**INSTRUCTIONS TO FOLLOW**
Produce a verbatim transcription of the entries, with all pictures omitted.
= Beginning of Section =
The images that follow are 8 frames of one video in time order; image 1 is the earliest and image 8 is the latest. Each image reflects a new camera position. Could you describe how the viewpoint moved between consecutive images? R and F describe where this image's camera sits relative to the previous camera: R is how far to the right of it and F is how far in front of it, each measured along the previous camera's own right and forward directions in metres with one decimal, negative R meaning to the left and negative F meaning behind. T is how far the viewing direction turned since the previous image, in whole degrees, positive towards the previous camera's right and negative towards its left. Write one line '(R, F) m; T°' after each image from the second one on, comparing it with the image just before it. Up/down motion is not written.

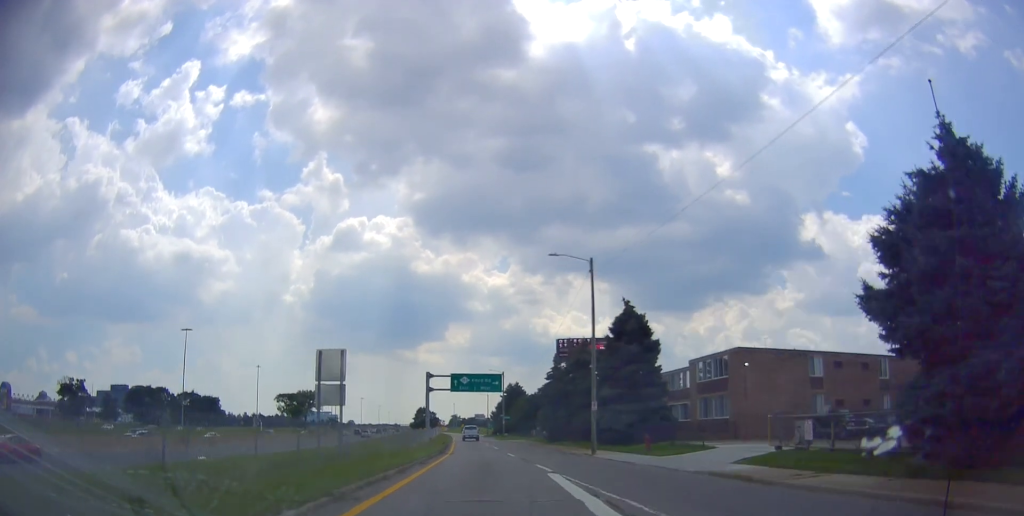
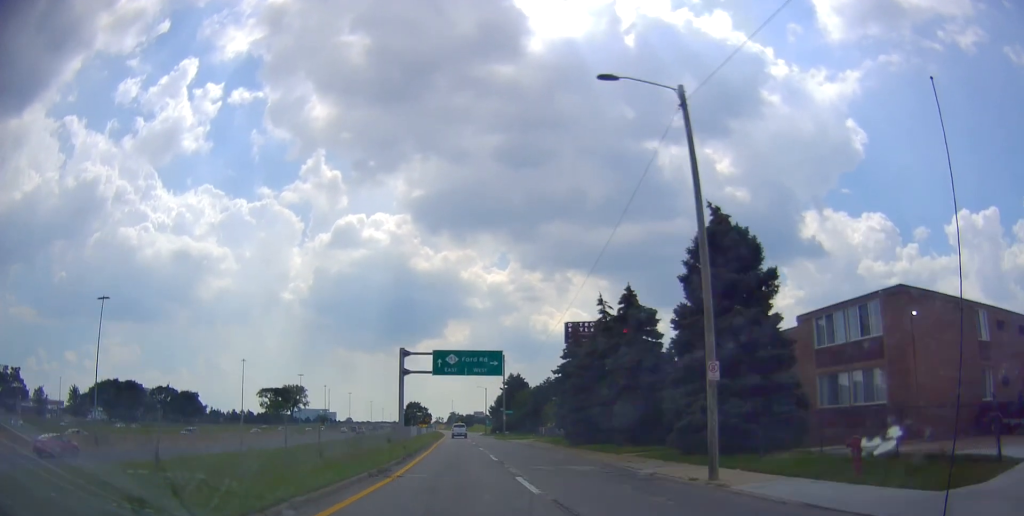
(+0.2, +17.9) m; 0°
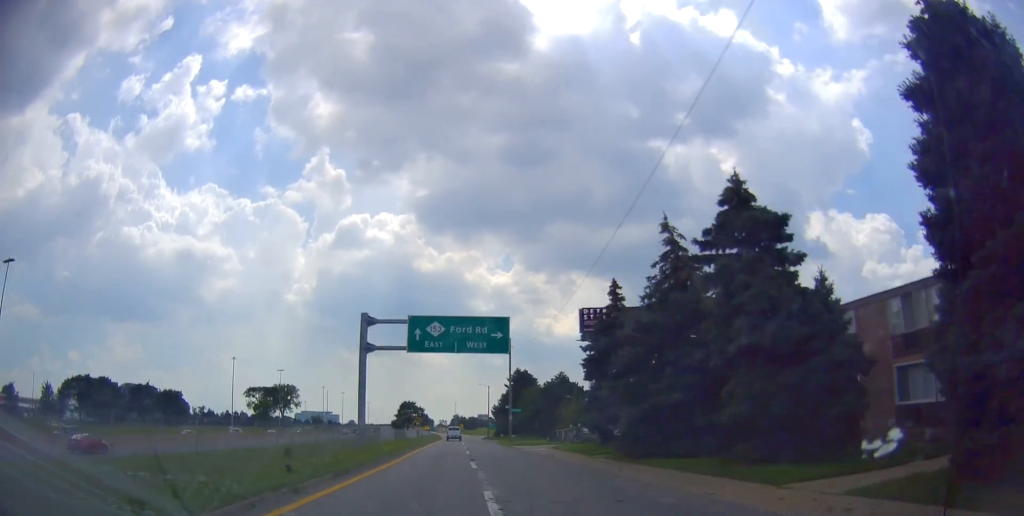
(-0.3, +15.6) m; 0°
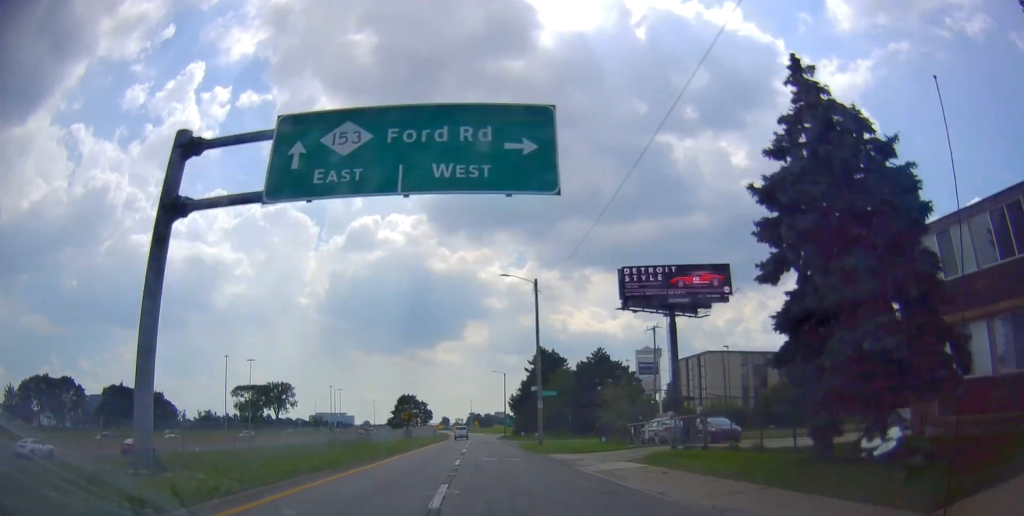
(+0.4, +22.8) m; 0°
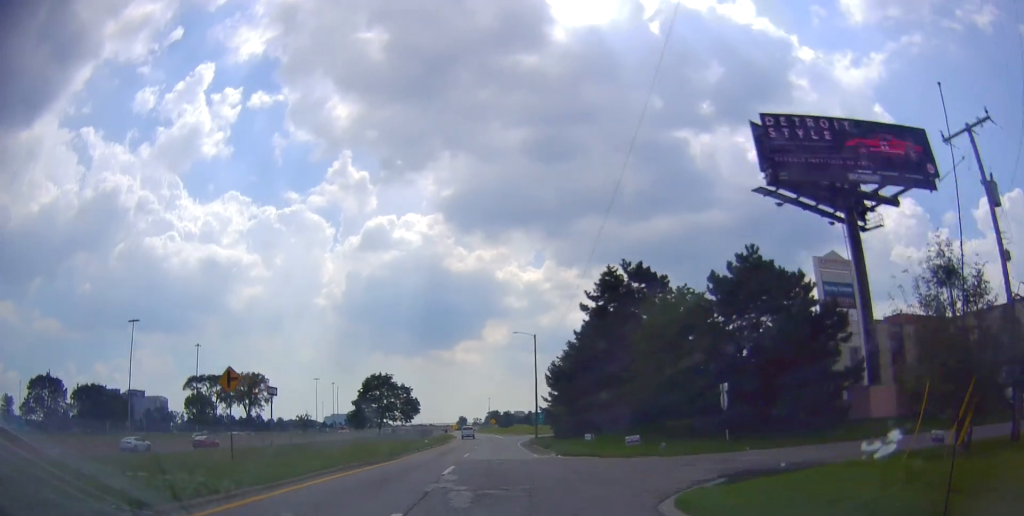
(-2.0, +40.8) m; -5°
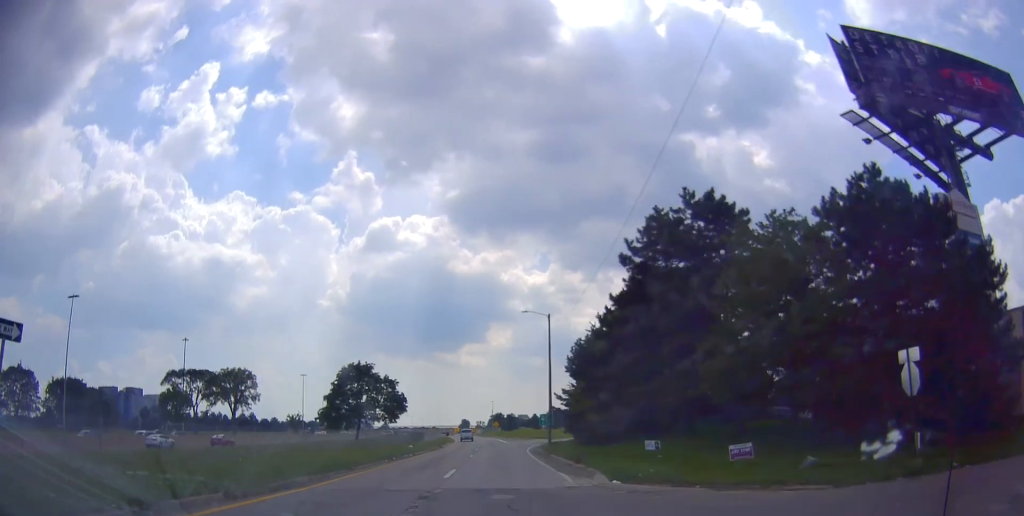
(-0.1, +12.5) m; 0°
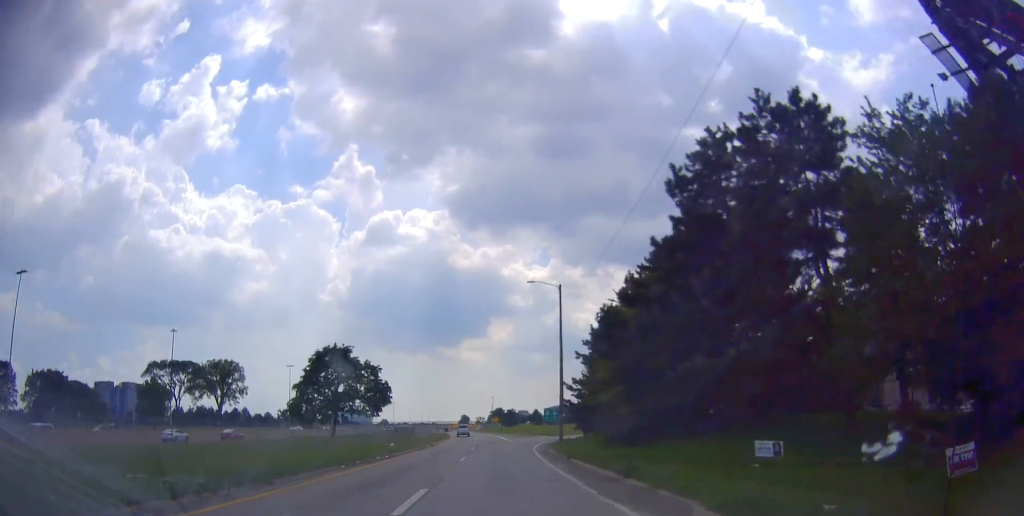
(-0.1, +8.7) m; 0°
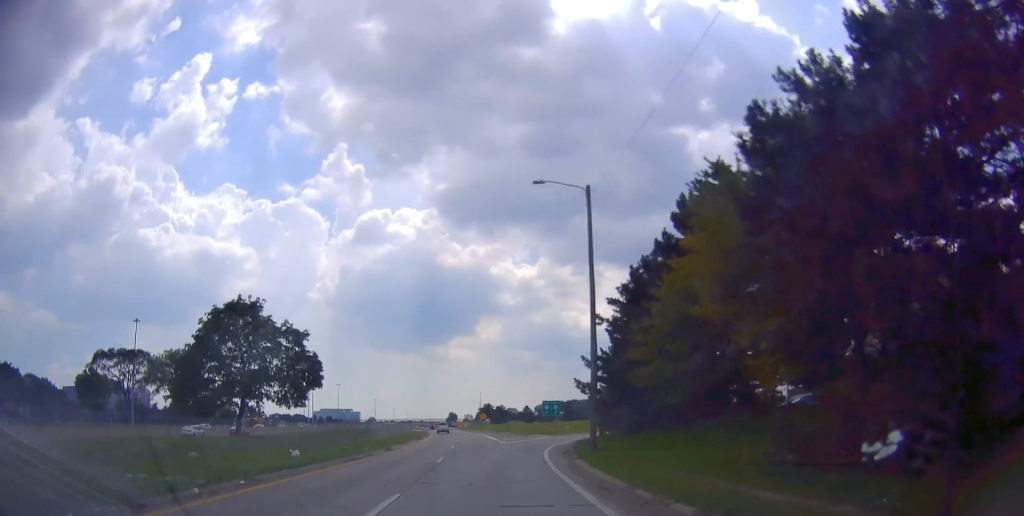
(+0.2, +17.6) m; 0°
= End of Section =
**SOLUTION FOR THIS EXERCISE**
The images that follow are 8 frames of one video in time order; image 1 is the earliest and image 8 is the latest. Each image reflects a new camera position. Could you describe how the viewpoint moved between consecutive images? R and F describe where this image's camera sits relative to the previous camera: R is how far to the right of it and F is how far in front of it, each measured along the previous camera's own right and forward directions in metres with one decimal, negative R meaning to the left and negative F meaning behind. T is how far the viewing direction turned since the previous image, in whole degrees, positive towards the previous camera's right and negative towards its left. Write one line '(R, F) m; T°' after each image from the second one on, comparing it with the image just before it. Up/down motion is not written.

(+0.2, +17.9) m; 0°
(-0.3, +15.6) m; 0°
(+0.4, +22.8) m; 0°
(-2.0, +40.8) m; -5°
(-0.1, +12.5) m; 0°
(-0.1, +8.7) m; 0°
(+0.2, +17.6) m; 0°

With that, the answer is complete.